The former features editor of the News of the World has suggested to the Leveson Inquiry that getting medical information from NHS staff is more common than going through medical records.
In an astonishing appearance at the inquiry into press ethics, Paul McMullan made candid admissions about the methods he had used to obtain stories but also made trenchant attacks on celebrities, politicians and the police.
At one point, he also suggested there was a difference between accepting or ‘blagging’ medical information and going through records.
The issue came up at the inquiry last week, when actor Hugh Grant claimed that information from his medical records had been leaked - although one of the hospitals he named said it was highly unlikely that information about a visit he made to its A&E department came from its A&E staff.
“There is a difference between answering the phone to somebody that has seen a pregnancy test for some big star and paying somebody to go into the office and flick through the medical records,” McMullan said, adding that he couldn’t recall accessing records.
When asked if he thought there was really an “ethical” difference between taking information from staff and going through records, McMullan indicated that he didn’t mind where information came from, as long as it “caught out people who lie” and were otherwise the legitimate target of stories.

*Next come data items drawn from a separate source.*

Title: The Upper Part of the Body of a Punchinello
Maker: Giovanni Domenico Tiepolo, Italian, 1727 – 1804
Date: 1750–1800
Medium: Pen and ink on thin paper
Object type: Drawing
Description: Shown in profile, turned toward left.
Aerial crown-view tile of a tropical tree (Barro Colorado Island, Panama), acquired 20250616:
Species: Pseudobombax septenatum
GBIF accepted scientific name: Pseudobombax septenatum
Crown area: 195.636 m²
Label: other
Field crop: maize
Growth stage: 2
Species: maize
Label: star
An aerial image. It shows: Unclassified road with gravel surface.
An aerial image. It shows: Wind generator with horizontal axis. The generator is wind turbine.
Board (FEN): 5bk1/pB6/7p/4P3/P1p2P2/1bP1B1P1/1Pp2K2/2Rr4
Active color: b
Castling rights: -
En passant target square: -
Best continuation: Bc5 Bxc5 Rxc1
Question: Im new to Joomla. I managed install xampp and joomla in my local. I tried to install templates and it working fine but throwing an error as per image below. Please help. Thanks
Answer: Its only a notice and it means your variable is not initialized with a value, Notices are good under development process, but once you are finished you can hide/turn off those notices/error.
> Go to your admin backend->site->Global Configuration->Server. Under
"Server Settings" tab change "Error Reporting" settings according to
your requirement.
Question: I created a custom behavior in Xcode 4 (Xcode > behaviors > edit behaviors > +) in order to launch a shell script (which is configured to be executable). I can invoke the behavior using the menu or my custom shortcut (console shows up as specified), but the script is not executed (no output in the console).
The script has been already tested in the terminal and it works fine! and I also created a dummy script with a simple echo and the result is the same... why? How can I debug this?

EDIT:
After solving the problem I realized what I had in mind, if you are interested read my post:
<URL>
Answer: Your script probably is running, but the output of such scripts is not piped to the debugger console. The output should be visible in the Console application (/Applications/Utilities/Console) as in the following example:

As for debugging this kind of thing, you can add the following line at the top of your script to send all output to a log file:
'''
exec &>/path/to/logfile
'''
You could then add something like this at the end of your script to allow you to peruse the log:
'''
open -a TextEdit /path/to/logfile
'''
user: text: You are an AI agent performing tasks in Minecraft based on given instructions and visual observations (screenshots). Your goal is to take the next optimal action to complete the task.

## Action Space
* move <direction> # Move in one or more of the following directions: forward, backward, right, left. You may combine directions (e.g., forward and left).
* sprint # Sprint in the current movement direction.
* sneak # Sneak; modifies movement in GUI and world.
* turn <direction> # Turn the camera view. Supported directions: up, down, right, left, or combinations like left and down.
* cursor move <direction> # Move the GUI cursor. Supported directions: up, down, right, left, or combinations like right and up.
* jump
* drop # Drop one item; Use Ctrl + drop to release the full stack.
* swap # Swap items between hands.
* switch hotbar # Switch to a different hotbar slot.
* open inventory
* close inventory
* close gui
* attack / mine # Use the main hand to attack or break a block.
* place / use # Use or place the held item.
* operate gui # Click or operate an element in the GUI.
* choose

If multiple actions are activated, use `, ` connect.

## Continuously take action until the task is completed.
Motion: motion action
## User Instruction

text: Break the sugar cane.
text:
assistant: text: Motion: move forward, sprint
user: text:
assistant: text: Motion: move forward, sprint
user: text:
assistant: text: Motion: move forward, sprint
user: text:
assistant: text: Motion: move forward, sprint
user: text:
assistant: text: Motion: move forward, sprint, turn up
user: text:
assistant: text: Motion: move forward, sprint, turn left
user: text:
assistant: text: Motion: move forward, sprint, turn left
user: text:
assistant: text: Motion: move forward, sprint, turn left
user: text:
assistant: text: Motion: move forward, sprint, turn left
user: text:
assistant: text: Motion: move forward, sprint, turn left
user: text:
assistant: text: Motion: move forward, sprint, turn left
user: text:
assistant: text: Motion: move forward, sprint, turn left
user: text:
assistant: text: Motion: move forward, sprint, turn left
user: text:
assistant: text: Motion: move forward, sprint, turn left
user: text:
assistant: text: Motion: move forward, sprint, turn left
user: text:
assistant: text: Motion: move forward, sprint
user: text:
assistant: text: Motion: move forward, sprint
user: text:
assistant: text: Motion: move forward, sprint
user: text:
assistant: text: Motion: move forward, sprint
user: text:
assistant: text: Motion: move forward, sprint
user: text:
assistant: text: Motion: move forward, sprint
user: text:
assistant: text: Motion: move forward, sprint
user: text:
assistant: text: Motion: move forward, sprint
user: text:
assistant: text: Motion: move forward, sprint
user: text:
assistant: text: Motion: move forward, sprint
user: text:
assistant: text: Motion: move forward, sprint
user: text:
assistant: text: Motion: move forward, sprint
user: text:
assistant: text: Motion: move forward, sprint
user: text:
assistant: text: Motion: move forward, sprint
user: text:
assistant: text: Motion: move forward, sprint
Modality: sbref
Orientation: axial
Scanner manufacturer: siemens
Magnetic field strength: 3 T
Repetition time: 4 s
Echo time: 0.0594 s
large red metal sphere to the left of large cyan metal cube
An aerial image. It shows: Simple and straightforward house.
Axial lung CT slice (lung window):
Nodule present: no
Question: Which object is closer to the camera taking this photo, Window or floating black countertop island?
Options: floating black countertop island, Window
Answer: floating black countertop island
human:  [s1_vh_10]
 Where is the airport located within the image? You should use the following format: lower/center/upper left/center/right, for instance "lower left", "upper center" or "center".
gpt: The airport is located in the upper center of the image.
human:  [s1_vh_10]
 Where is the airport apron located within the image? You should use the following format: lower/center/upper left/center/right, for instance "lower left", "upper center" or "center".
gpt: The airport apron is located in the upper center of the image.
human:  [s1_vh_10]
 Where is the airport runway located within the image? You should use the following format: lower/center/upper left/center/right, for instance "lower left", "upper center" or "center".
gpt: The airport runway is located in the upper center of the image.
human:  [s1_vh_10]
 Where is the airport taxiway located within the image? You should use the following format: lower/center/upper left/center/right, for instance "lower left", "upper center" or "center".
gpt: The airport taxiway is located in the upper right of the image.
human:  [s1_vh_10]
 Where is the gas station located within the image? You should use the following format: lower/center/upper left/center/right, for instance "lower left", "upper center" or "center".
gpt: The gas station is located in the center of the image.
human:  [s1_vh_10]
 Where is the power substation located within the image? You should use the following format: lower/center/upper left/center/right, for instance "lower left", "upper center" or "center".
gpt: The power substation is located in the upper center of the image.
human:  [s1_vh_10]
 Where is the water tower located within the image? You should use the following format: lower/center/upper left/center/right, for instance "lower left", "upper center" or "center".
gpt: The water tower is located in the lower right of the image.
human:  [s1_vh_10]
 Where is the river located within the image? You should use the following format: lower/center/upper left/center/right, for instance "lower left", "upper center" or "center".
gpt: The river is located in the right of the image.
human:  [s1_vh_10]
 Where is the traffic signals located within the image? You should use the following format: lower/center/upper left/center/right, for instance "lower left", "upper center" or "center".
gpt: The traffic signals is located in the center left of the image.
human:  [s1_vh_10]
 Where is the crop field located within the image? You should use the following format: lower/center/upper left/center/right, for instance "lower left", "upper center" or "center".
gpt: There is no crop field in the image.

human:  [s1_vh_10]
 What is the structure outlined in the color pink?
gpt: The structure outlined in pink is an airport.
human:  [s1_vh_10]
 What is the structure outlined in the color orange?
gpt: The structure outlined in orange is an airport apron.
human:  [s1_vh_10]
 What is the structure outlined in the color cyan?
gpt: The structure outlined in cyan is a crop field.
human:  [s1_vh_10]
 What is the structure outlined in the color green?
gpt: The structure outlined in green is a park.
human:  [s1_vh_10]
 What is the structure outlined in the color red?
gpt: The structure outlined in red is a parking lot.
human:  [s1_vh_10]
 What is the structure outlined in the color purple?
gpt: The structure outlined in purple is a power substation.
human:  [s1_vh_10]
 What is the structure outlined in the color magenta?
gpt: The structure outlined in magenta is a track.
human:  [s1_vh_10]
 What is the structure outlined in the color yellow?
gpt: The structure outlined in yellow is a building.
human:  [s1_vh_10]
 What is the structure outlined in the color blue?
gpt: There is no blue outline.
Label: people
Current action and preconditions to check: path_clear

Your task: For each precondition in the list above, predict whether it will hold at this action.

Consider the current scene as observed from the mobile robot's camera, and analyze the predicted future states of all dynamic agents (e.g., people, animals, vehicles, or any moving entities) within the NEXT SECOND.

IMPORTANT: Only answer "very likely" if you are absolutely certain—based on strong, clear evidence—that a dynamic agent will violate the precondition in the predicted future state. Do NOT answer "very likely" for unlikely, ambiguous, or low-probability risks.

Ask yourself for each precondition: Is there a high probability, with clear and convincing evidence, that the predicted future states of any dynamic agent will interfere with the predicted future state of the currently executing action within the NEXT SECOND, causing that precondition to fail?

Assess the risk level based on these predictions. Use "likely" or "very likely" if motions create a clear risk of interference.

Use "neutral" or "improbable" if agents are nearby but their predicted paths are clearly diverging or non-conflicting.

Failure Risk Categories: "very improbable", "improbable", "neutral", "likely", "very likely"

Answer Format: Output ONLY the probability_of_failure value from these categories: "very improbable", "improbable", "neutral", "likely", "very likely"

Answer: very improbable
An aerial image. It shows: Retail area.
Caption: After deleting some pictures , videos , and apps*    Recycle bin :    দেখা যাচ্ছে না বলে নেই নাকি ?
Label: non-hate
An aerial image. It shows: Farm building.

He had no time for the complaints of celebrities like Grant who, he said, should be grateful for the interest shown in them. However, he expressed sympathy for some people caught up in press attention, and described his former bosses, Andy Coulson and Rebekah Brooks as “the scum of journalism.”
He also had no time for a privacy law, arguing that privacy created space for “bad people to do bad things” and arguing that a law would simply raise the commercial value of information.
Although this claim might sound preposterous, a similar point was made by the Information Commissioner’s Office in its seminal report on protecting the privacy of individuals, ‘What Price Privacy?’ in 2006.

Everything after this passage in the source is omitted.